Problem description
Starting at the first line of the records below, reproduce every line up to and including the line with "#173=AXIS2_PLACEMENT_3D('Circle Axis2P3D',#171,#172,$) ;", but leave out all pictures.

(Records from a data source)
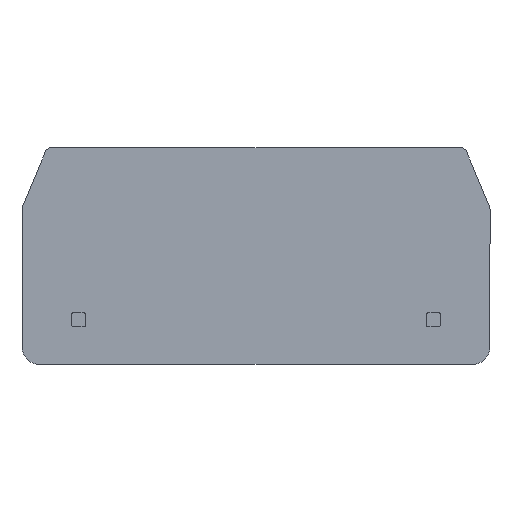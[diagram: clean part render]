
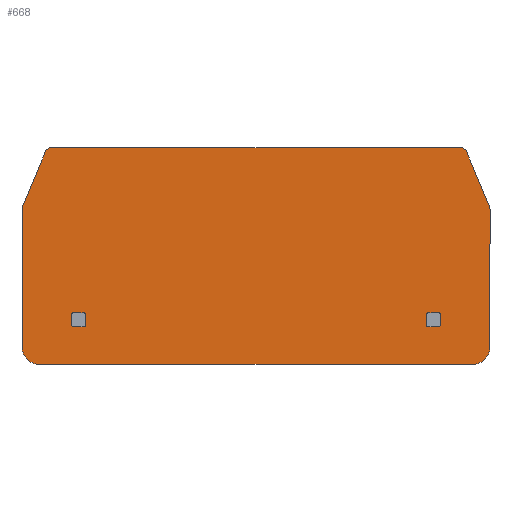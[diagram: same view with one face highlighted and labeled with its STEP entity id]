
A CAD part, left-side view. The second image highlights one B-rep face of the part: STEP entity #668.
In plain terms, the highlighted planar face has unit normal (-1, 0, 0).
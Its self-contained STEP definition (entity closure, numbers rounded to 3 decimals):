
#142=AXIS2_PLACEMENT_3D('Circle Axis2P3D',#140,#141,$) ;
#173=AXIS2_PLACEMENT_3D('Circle Axis2P3D',#171,#172,$) ;
#214=AXIS2_PLACEMENT_3D('Circle Axis2P3D',#212,#213,$) ;
#262=AXIS2_PLACEMENT_3D('Circle Axis2P3D',#260,#261,$) ;
#347=AXIS2_PLACEMENT_3D('Circle Axis2P3D',#345,#346,$) ;
#369=AXIS2_PLACEMENT_3D('Circle Axis2P3D',#367,#368,$) ;
#492=AXIS2_PLACEMENT_3D('Circle Axis2P3D',#490,#491,$) ;
#535=AXIS2_PLACEMENT_3D('Circle Axis2P3D',#533,#534,$) ;
#548=AXIS2_PLACEMENT_3D('Plane Axis2P3D',#545,#546,#547) ;
#561=AXIS2_PLACEMENT_3D('Circle Axis2P3D',#559,#560,$) ;
#575=AXIS2_PLACEMENT_3D('Circle Axis2P3D',#573,#574,$) ;
#589=AXIS2_PLACEMENT_3D('Circle Axis2P3D',#587,#588,$) ;
#603=AXIS2_PLACEMENT_3D('Circle Axis2P3D',#601,#602,$) ;
#617=AXIS2_PLACEMENT_3D('Circle Axis2P3D',#615,#616,$) ;
#631=AXIS2_PLACEMENT_3D('Circle Axis2P3D',#629,#630,$) ;
#41=CARTESIAN_POINT('Vertex',(2.05,58.775,5.32)) ;
#46=CARTESIAN_POINT('Line Origine',(2.05,58.,5.32)) ;
#50=CARTESIAN_POINT('Vertex',(2.05,57.225,5.32)) ;
#140=CARTESIAN_POINT('Axis2P3D Location',(2.05,57.225,5.52)) ;
#144=CARTESIAN_POINT('Vertex',(2.05,57.025,5.52)) ;
#168=CARTESIAN_POINT('Vertex',(2.05,58.975,5.52)) ;
#171=CARTESIAN_POINT('Axis2P3D Location',(2.05,58.775,5.52)) ;
#188=CARTESIAN_POINT('Line Origine',(2.05,57.025,6.301)) ;
#192=CARTESIAN_POINT('Vertex',(2.05,57.025,7.081)) ;
#212=CARTESIAN_POINT('Axis2P3D Location',(2.05,57.225,7.081)) ;
#216=CARTESIAN_POINT('Vertex',(2.05,57.225,7.281)) ;
#236=CARTESIAN_POINT('Line Origine',(2.05,58.,7.281)) ;
#240=CARTESIAN_POINT('Vertex',(2.05,58.775,7.281)) ;
#260=CARTESIAN_POINT('Axis2P3D Location',(2.05,58.775,7.081)) ;
#264=CARTESIAN_POINT('Vertex',(2.05,58.975,7.081)) ;
#284=CARTESIAN_POINT('Line Origine',(2.05,58.975,6.301)) ;
#300=CARTESIAN_POINT('Vertex',(2.05,7.225,7.281)) ;
#305=CARTESIAN_POINT('Line Origine',(2.05,8.,7.281)) ;
#309=CARTESIAN_POINT('Vertex',(2.05,8.775,7.281)) ;
#340=CARTESIAN_POINT('Vertex',(2.05,7.025,7.081)) ;
#345=CARTESIAN_POINT('Axis2P3D Location',(2.05,7.225,7.081)) ;
#367=CARTESIAN_POINT('Axis2P3D Location',(2.05,8.775,7.081)) ;
#371=CARTESIAN_POINT('Vertex',(2.05,8.975,7.081)) ;
#446=CARTESIAN_POINT('Vertex',(2.05,7.025,5.52)) ;
#449=CARTESIAN_POINT('Line Origine',(2.05,7.025,6.301)) ;
#466=CARTESIAN_POINT('Line Origine',(2.05,8.975,6.301)) ;
#470=CARTESIAN_POINT('Vertex',(2.05,8.975,5.52)) ;
#490=CARTESIAN_POINT('Axis2P3D Location',(2.05,8.775,5.52)) ;
#494=CARTESIAN_POINT('Vertex',(2.05,8.775,5.32)) ;
#509=CARTESIAN_POINT('Line Origine',(2.05,8.,5.32)) ;
#513=CARTESIAN_POINT('Vertex',(2.05,7.225,5.32)) ;
#533=CARTESIAN_POINT('Axis2P3D Location',(2.05,7.225,5.52)) ;
#545=CARTESIAN_POINT('Axis2P3D Location',(2.05,33.,0.)) ;
#550=CARTESIAN_POINT('Line Origine',(2.05,1.68,26.111)) ;
#554=CARTESIAN_POINT('Vertex',(2.05,3.283,29.983)) ;
#556=CARTESIAN_POINT('Vertex',(2.05,0.076,22.24)) ;
#559=CARTESIAN_POINT('Axis2P3D Location',(2.05,4.207,29.6)) ;
#563=CARTESIAN_POINT('Vertex',(2.05,4.207,30.6)) ;
#566=CARTESIAN_POINT('Line Origine',(2.05,33.,30.6)) ;
#570=CARTESIAN_POINT('Vertex',(2.05,61.793,30.6)) ;
#573=CARTESIAN_POINT('Axis2P3D Location',(2.05,61.793,29.6)) ;
#577=CARTESIAN_POINT('Vertex',(2.05,62.717,29.983)) ;
#580=CARTESIAN_POINT('Line Origine',(2.05,64.32,26.111)) ;
#584=CARTESIAN_POINT('Vertex',(2.05,65.924,22.24)) ;
#587=CARTESIAN_POINT('Axis2P3D Location',(2.05,65.,21.857)) ;
#591=CARTESIAN_POINT('Vertex',(2.05,66.,21.857)) ;
#594=CARTESIAN_POINT('Line Origine',(2.05,66.,12.179)) ;
#598=CARTESIAN_POINT('Vertex',(2.05,66.,2.5)) ;
#601=CARTESIAN_POINT('Axis2P3D Location',(2.05,63.5,2.5)) ;
#605=CARTESIAN_POINT('Vertex',(2.05,63.5,0.)) ;
#608=CARTESIAN_POINT('Line Origine',(2.05,33.,0.)) ;
#612=CARTESIAN_POINT('Vertex',(2.05,2.5,0.)) ;
#615=CARTESIAN_POINT('Axis2P3D Location',(2.05,2.5,2.5)) ;
#619=CARTESIAN_POINT('Vertex',(2.05,0.,2.5)) ;
#622=CARTESIAN_POINT('Line Origine',(2.05,0.,12.179)) ;
#626=CARTESIAN_POINT('Vertex',(2.05,0.,21.857)) ;
#629=CARTESIAN_POINT('Axis2P3D Location',(2.05,1.,21.857)) ;
#47=DIRECTION('Vector Direction',(0.,1.,0.)) ;
#141=DIRECTION('Axis2P3D Direction',(-1.,0.,0.)) ;
#172=DIRECTION('Axis2P3D Direction',(-1.,0.,0.)) ;
#189=DIRECTION('Vector Direction',(0.,0.,-1.)) ;
#213=DIRECTION('Axis2P3D Direction',(-1.,0.,0.)) ;
#237=DIRECTION('Vector Direction',(0.,-1.,0.)) ;
#261=DIRECTION('Axis2P3D Direction',(-1.,0.,0.)) ;
#285=DIRECTION('Vector Direction',(0.,0.,1.)) ;
#306=DIRECTION('Vector Direction',(0.,1.,0.)) ;
#346=DIRECTION('Axis2P3D Direction',(-1.,0.,0.)) ;
#368=DIRECTION('Axis2P3D Direction',(-1.,0.,0.)) ;
#450=DIRECTION('Vector Direction',(0.,0.,1.)) ;
#467=DIRECTION('Vector Direction',(0.,0.,-1.)) ;
#491=DIRECTION('Axis2P3D Direction',(-1.,0.,0.)) ;
#510=DIRECTION('Vector Direction',(0.,-1.,0.)) ;
#534=DIRECTION('Axis2P3D Direction',(-1.,0.,0.)) ;
#546=DIRECTION('Axis2P3D Direction',(1.,0.,0.)) ;
#547=DIRECTION('Axis2P3D XDirection',(0.,1.,0.)) ;
#551=DIRECTION('Vector Direction',(0.,-0.383,-0.924)) ;
#560=DIRECTION('Axis2P3D Direction',(1.,0.,0.)) ;
#567=DIRECTION('Vector Direction',(0.,1.,0.)) ;
#574=DIRECTION('Axis2P3D Direction',(1.,0.,0.)) ;
#581=DIRECTION('Vector Direction',(0.,0.383,-0.924)) ;
#588=DIRECTION('Axis2P3D Direction',(1.,0.,0.)) ;
#595=DIRECTION('Vector Direction',(0.,0.,-1.)) ;
#602=DIRECTION('Axis2P3D Direction',(1.,0.,0.)) ;
#609=DIRECTION('Vector Direction',(0.,1.,0.)) ;
#616=DIRECTION('Axis2P3D Direction',(1.,0.,0.)) ;
#623=DIRECTION('Vector Direction',(0.,0.,-1.)) ;
#630=DIRECTION('Axis2P3D Direction',(1.,0.,0.)) ;
#48=VECTOR('Line Direction',#47,1.) ;
#190=VECTOR('Line Direction',#189,1.) ;
#238=VECTOR('Line Direction',#237,1.) ;
#286=VECTOR('Line Direction',#285,1.) ;
#307=VECTOR('Line Direction',#306,1.) ;
#451=VECTOR('Line Direction',#450,1.) ;
#468=VECTOR('Line Direction',#467,1.) ;
#511=VECTOR('Line Direction',#510,1.) ;
#552=VECTOR('Line Direction',#551,1.) ;
#568=VECTOR('Line Direction',#567,1.) ;
#582=VECTOR('Line Direction',#581,1.) ;
#596=VECTOR('Line Direction',#595,1.) ;
#610=VECTOR('Line Direction',#609,1.) ;
#624=VECTOR('Line Direction',#623,1.) ;
#635=ORIENTED_EDGE('',*,*,#558,.F.) ;
#636=ORIENTED_EDGE('',*,*,#565,.F.) ;
#637=ORIENTED_EDGE('',*,*,#572,.F.) ;
#638=ORIENTED_EDGE('',*,*,#579,.F.) ;
#639=ORIENTED_EDGE('',*,*,#586,.F.) ;
#640=ORIENTED_EDGE('',*,*,#593,.F.) ;
#641=ORIENTED_EDGE('',*,*,#600,.F.) ;
#642=ORIENTED_EDGE('',*,*,#607,.F.) ;
#643=ORIENTED_EDGE('',*,*,#614,.F.) ;
#644=ORIENTED_EDGE('',*,*,#621,.F.) ;
#645=ORIENTED_EDGE('',*,*,#628,.F.) ;
#646=ORIENTED_EDGE('',*,*,#633,.F.) ;
#649=ORIENTED_EDGE('',*,*,#288,.F.) ;
#650=ORIENTED_EDGE('',*,*,#266,.F.) ;
#651=ORIENTED_EDGE('',*,*,#242,.F.) ;
#652=ORIENTED_EDGE('',*,*,#218,.F.) ;
#653=ORIENTED_EDGE('',*,*,#194,.F.) ;
#654=ORIENTED_EDGE('',*,*,#146,.F.) ;
#655=ORIENTED_EDGE('',*,*,#52,.F.) ;
#656=ORIENTED_EDGE('',*,*,#175,.F.) ;
#659=ORIENTED_EDGE('',*,*,#453,.F.) ;
#660=ORIENTED_EDGE('',*,*,#537,.F.) ;
#661=ORIENTED_EDGE('',*,*,#515,.F.) ;
#662=ORIENTED_EDGE('',*,*,#496,.F.) ;
#663=ORIENTED_EDGE('',*,*,#472,.F.) ;
#664=ORIENTED_EDGE('',*,*,#373,.F.) ;
#665=ORIENTED_EDGE('',*,*,#311,.F.) ;
#666=ORIENTED_EDGE('',*,*,#349,.F.) ;
#657=FACE_BOUND('',#648,.T.) ;
#667=FACE_BOUND('',#658,.T.) ;
#668=ADVANCED_FACE('Hauptk\X2\00F6\X0\rper',(#647,#657,#667),#549,.F.) ;
#143=CIRCLE('generated circle',#142,0.2) ;
#174=CIRCLE('generated circle',#173,0.2) ;
#215=CIRCLE('generated circle',#214,0.2) ;
#263=CIRCLE('generated circle',#262,0.2) ;
#348=CIRCLE('generated circle',#347,0.2) ;
#370=CIRCLE('generated circle',#369,0.2) ;
#493=CIRCLE('generated circle',#492,0.2) ;
#536=CIRCLE('generated circle',#535,0.2) ;
#562=CIRCLE('generated circle',#561,1.) ;
#576=CIRCLE('generated circle',#575,1.) ;
#590=CIRCLE('generated circle',#589,1.) ;
#604=CIRCLE('generated circle',#603,2.5) ;
#618=CIRCLE('generated circle',#617,2.5) ;
#632=CIRCLE('generated circle',#631,1.) ;
#52=EDGE_CURVE('',#42,#51,#49,.F.) ;
#146=EDGE_CURVE('',#51,#145,#143,.T.) ;
#175=EDGE_CURVE('',#169,#42,#174,.T.) ;
#194=EDGE_CURVE('',#145,#193,#191,.F.) ;
#218=EDGE_CURVE('',#193,#217,#215,.T.) ;
#242=EDGE_CURVE('',#217,#241,#239,.F.) ;
#266=EDGE_CURVE('',#241,#265,#263,.T.) ;
#288=EDGE_CURVE('',#265,#169,#287,.F.) ;
#311=EDGE_CURVE('',#301,#310,#308,.T.) ;
#349=EDGE_CURVE('',#341,#301,#348,.T.) ;
#373=EDGE_CURVE('',#310,#372,#370,.T.) ;
#453=EDGE_CURVE('',#447,#341,#452,.T.) ;
#472=EDGE_CURVE('',#372,#471,#469,.T.) ;
#496=EDGE_CURVE('',#471,#495,#493,.T.) ;
#515=EDGE_CURVE('',#495,#514,#512,.T.) ;
#537=EDGE_CURVE('',#514,#447,#536,.T.) ;
#558=EDGE_CURVE('',#555,#557,#553,.T.) ;
#565=EDGE_CURVE('',#564,#555,#562,.T.) ;
#572=EDGE_CURVE('',#571,#564,#569,.F.) ;
#579=EDGE_CURVE('',#578,#571,#576,.T.) ;
#586=EDGE_CURVE('',#585,#578,#583,.F.) ;
#593=EDGE_CURVE('',#592,#585,#590,.T.) ;
#600=EDGE_CURVE('',#599,#592,#597,.F.) ;
#607=EDGE_CURVE('',#606,#599,#604,.T.) ;
#614=EDGE_CURVE('',#613,#606,#611,.T.) ;
#621=EDGE_CURVE('',#620,#613,#618,.T.) ;
#628=EDGE_CURVE('',#627,#620,#625,.T.) ;
#633=EDGE_CURVE('',#557,#627,#632,.T.) ;
#634=EDGE_LOOP('',(#635,#636,#637,#638,#639,#640,#641,#642,#643,#644,#645,#646)) ;
#648=EDGE_LOOP('',(#649,#650,#651,#652,#653,#654,#655,#656)) ;
#658=EDGE_LOOP('',(#659,#660,#661,#662,#663,#664,#665,#666)) ;
#647=FACE_OUTER_BOUND('',#634,.T.) ;
#49=LINE('Line',#46,#48) ;
#191=LINE('Line',#188,#190) ;
#239=LINE('Line',#236,#238) ;
#287=LINE('Line',#284,#286) ;
#308=LINE('Line',#305,#307) ;
#452=LINE('Line',#449,#451) ;
#469=LINE('Line',#466,#468) ;
#512=LINE('Line',#509,#511) ;
#553=LINE('Line',#550,#552) ;
#569=LINE('Line',#566,#568) ;
#583=LINE('Line',#580,#582) ;
#597=LINE('Line',#594,#596) ;
#611=LINE('Line',#608,#610) ;
#625=LINE('Line',#622,#624) ;
#549=PLANE('',#548) ;
#42=VERTEX_POINT('',#41) ;
#51=VERTEX_POINT('',#50) ;
#145=VERTEX_POINT('',#144) ;
#169=VERTEX_POINT('',#168) ;
#193=VERTEX_POINT('',#192) ;
#217=VERTEX_POINT('',#216) ;
#241=VERTEX_POINT('',#240) ;
#265=VERTEX_POINT('',#264) ;
#301=VERTEX_POINT('',#300) ;
#310=VERTEX_POINT('',#309) ;
#341=VERTEX_POINT('',#340) ;
#372=VERTEX_POINT('',#371) ;
#447=VERTEX_POINT('',#446) ;
#471=VERTEX_POINT('',#470) ;
#495=VERTEX_POINT('',#494) ;
#514=VERTEX_POINT('',#513) ;
#555=VERTEX_POINT('',#554) ;
#557=VERTEX_POINT('',#556) ;
#564=VERTEX_POINT('',#563) ;
#571=VERTEX_POINT('',#570) ;
#578=VERTEX_POINT('',#577) ;
#585=VERTEX_POINT('',#584) ;
#592=VERTEX_POINT('',#591) ;
#599=VERTEX_POINT('',#598) ;
#606=VERTEX_POINT('',#605) ;
#613=VERTEX_POINT('',#612) ;
#620=VERTEX_POINT('',#619) ;
#627=VERTEX_POINT('',#626) ;

Result of the exercise
[diagram: clean part render]
[diagram: same view with one face highlighted and labeled with its STEP entity id]
A CAD part, left-side view. The second image highlights one B-rep face of the part: STEP entity #668.
In plain terms, the highlighted planar face has unit normal (-1, 0, 0).
Its self-contained STEP definition (entity closure, numbers rounded to 3 decimals):
#142=AXIS2_PLACEMENT_3D('Circle Axis2P3D',#140,#141,$) ;
#173=AXIS2_PLACEMENT_3D('Circle Axis2P3D',#171,#172,$) ;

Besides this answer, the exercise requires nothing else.